• **EXERCISE GOAL**
Starting at the line with "Transcribe the Devanagari" and ending at the line with "Character: 𣷞", print exactly the lines of the entries below. Pictures do not belong in the copy.

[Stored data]
--- START ---

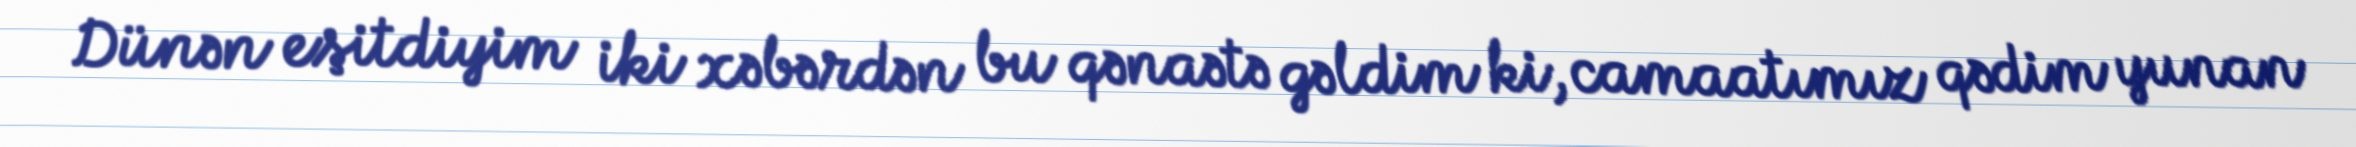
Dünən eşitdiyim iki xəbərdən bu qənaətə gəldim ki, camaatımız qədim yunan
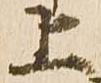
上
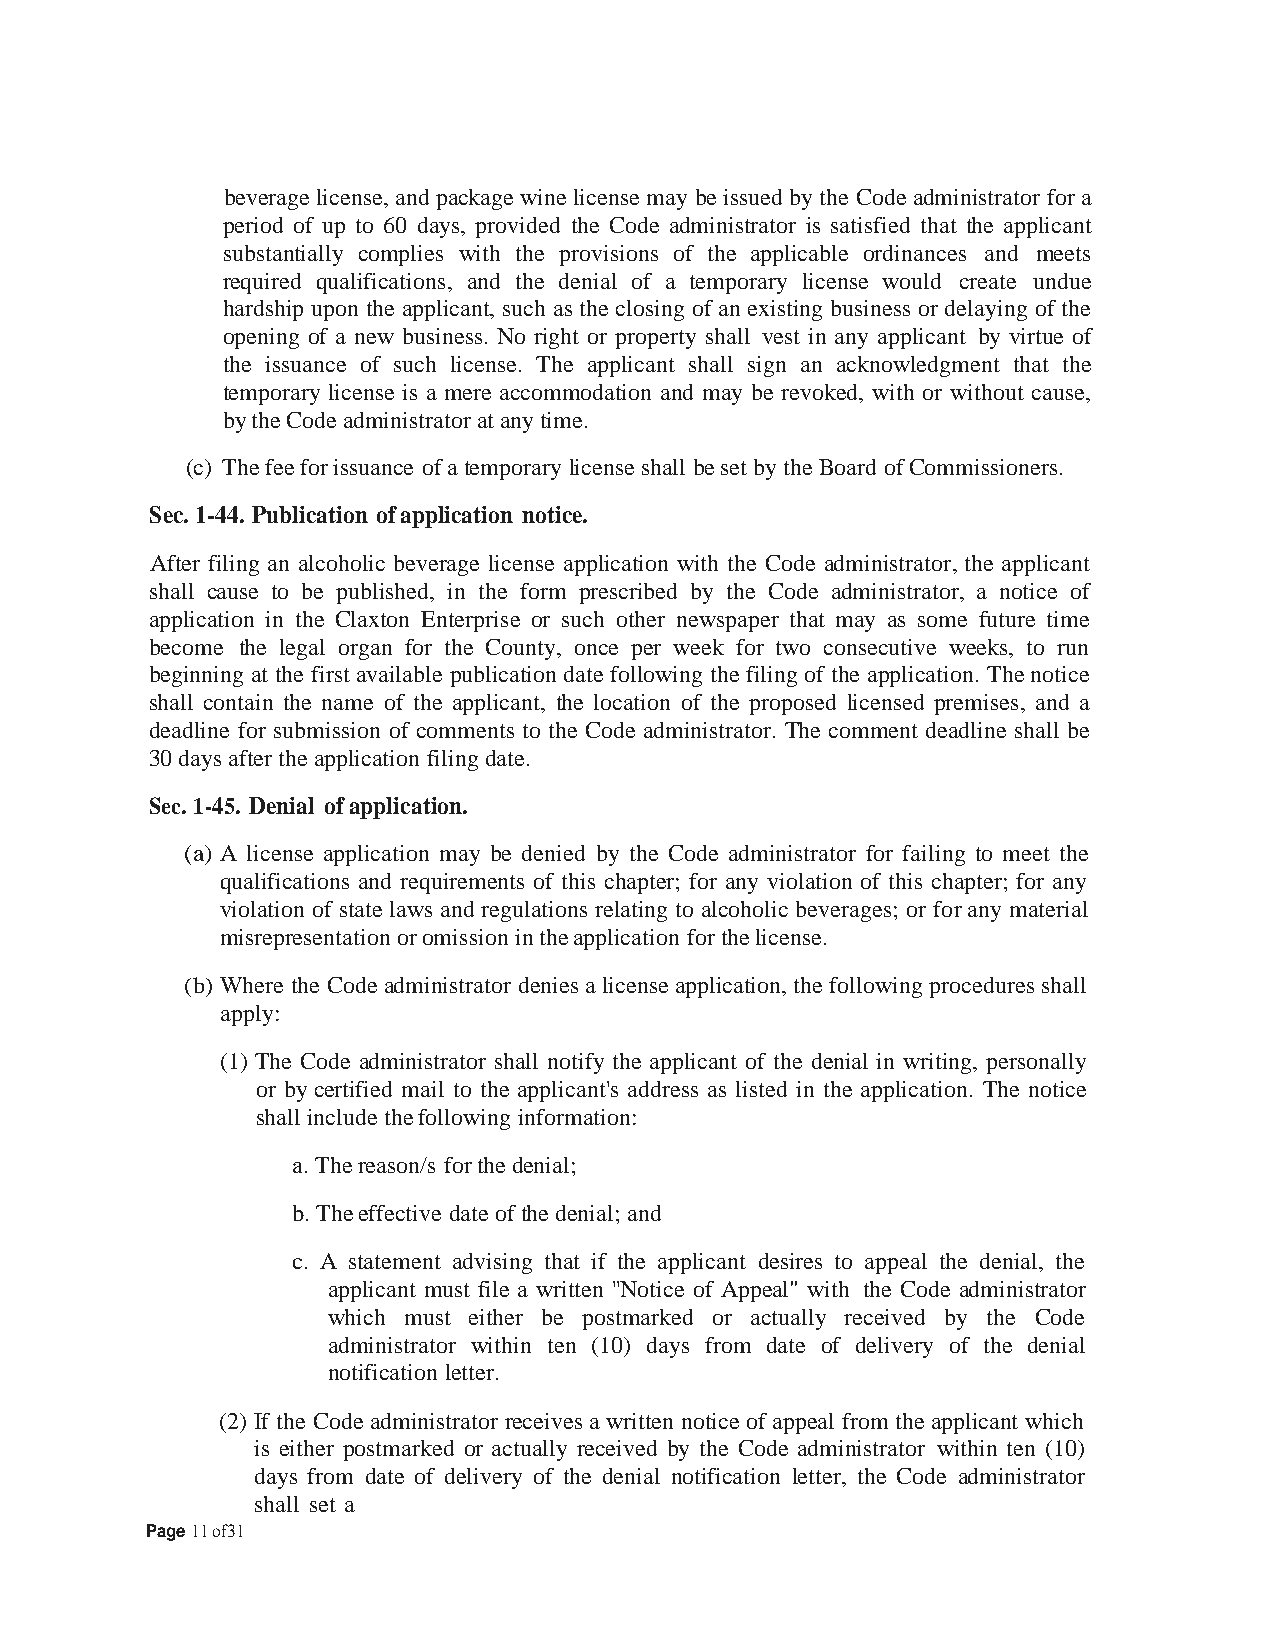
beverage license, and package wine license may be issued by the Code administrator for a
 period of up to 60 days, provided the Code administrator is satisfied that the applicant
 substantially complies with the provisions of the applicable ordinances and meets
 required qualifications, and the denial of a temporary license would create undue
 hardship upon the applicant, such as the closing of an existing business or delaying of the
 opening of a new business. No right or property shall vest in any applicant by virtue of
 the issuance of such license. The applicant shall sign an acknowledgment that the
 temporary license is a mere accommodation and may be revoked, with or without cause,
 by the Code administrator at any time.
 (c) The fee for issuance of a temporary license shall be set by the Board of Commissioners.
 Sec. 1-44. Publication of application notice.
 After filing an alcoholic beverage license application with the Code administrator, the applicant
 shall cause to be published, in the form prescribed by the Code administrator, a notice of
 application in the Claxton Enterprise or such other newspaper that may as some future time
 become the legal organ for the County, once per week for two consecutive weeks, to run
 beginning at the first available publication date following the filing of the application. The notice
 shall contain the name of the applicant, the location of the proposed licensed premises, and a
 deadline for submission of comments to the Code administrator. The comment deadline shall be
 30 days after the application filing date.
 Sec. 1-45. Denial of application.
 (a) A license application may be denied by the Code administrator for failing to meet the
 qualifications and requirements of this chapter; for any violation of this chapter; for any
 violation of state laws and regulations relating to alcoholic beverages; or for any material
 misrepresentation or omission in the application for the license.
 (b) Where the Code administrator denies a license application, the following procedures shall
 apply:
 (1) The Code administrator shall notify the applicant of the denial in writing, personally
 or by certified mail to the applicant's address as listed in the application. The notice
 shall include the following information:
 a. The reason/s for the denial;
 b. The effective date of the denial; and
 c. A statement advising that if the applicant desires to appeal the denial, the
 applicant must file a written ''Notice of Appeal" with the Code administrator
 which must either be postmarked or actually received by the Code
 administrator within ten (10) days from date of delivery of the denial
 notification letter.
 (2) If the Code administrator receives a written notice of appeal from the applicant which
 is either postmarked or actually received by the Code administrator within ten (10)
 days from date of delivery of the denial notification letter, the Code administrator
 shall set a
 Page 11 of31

--- END ---
--- START ---

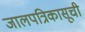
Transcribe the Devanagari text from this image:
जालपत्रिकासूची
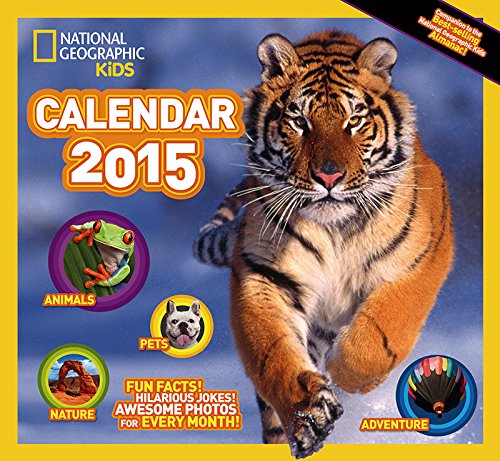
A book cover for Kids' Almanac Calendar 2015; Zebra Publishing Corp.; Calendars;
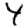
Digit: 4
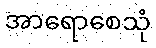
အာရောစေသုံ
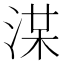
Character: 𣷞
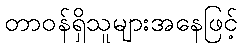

--- END ---

• **ANSWER TO THE EXERCISE**
Transcribe the Devanagari text from this image:
जालपत्रिकासूची
A book cover for Kids' Almanac Calendar 2015; Zebra Publishing Corp.; Calendars;
Digit: 4
အာရောစေသုံ
Character: 𣷞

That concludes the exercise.